**Record excerpts**
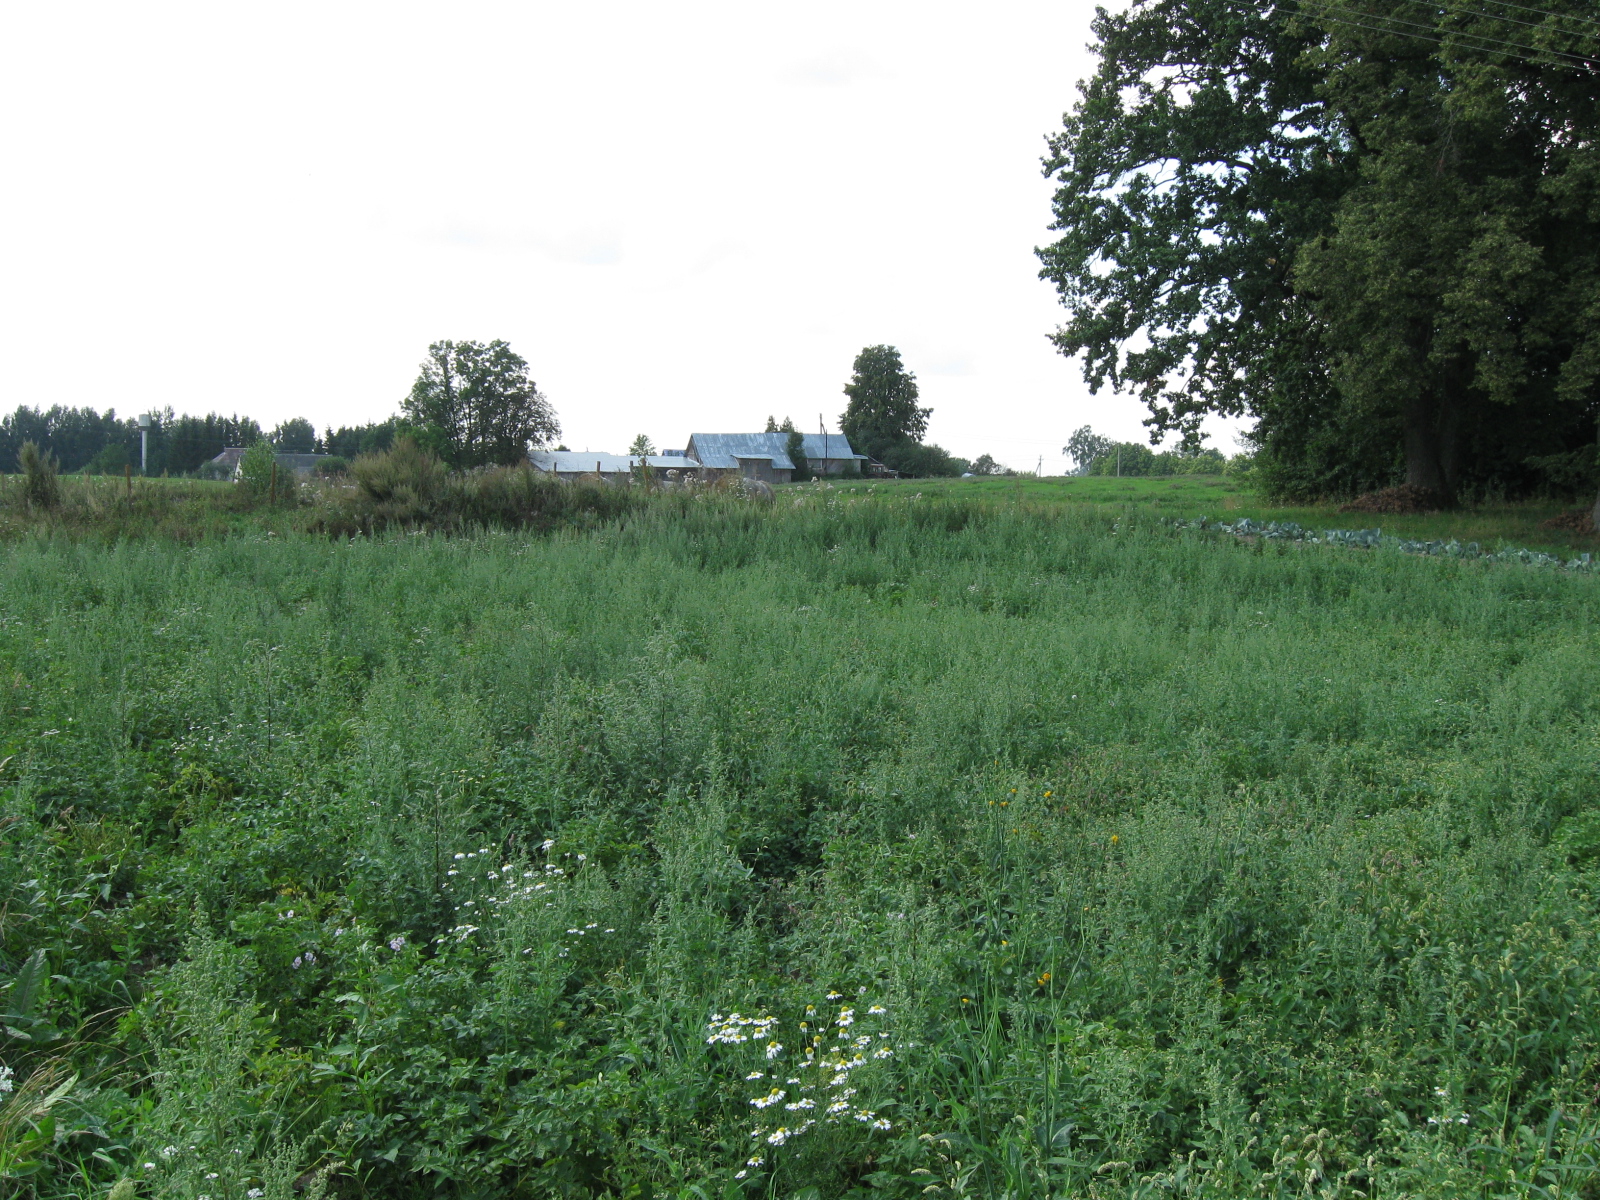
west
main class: Cropland
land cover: Potatoes
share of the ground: > 75 %
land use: Kitchen garden
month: August
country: LT
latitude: 54.7386
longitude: 23.6754
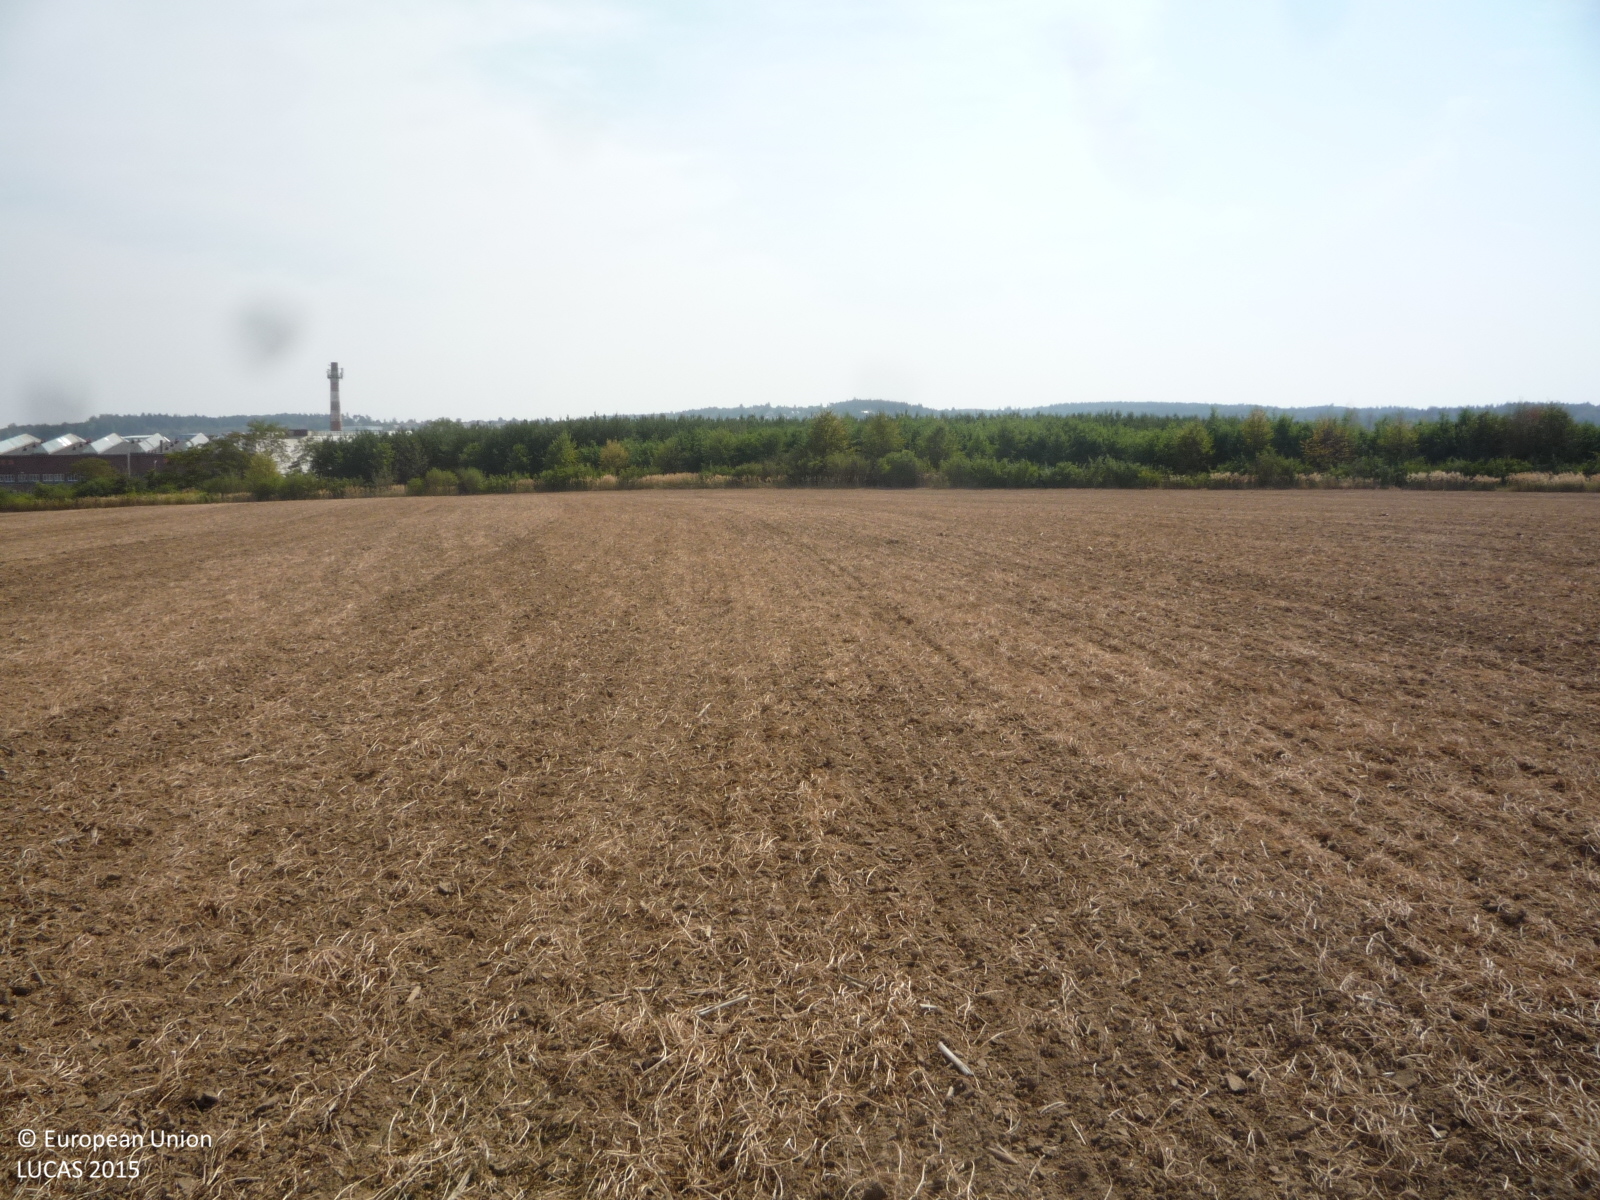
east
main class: Cropland
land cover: Dry pulses
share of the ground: < 10 %
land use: Agriculture (excluding fallow land and kitchen gardens)
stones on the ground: < 10 %
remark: Harvested field
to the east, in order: Dry pulses; Shrubland with sparse tree cover; Fences; Pine dominated coniferous woodland; Fences; Broadleaved woodland; Shrubland without tree cover; Spontaneously vegetated surfaces
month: August
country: CZ
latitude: 49.9512
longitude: 14.5033

**Instructions to follow**
Take the line with "share of the ground: < 10 %" and all lines after it through the end of the records, and write them out exactly; include nothing else.

**Task output**
share of the ground: < 10 %
land use: Agriculture (excluding fallow land and kitchen gardens)
stones on the ground: < 10 %
remark: Harvested field
to the east, in order: Dry pulses; Shrubland with sparse tree cover; Fences; Pine dominated coniferous woodland; Fences; Broadleaved woodland; Shrubland without tree cover; Spontaneously vegetated surfaces
month: August
country: CZ
latitude: 49.9512
longitude: 14.5033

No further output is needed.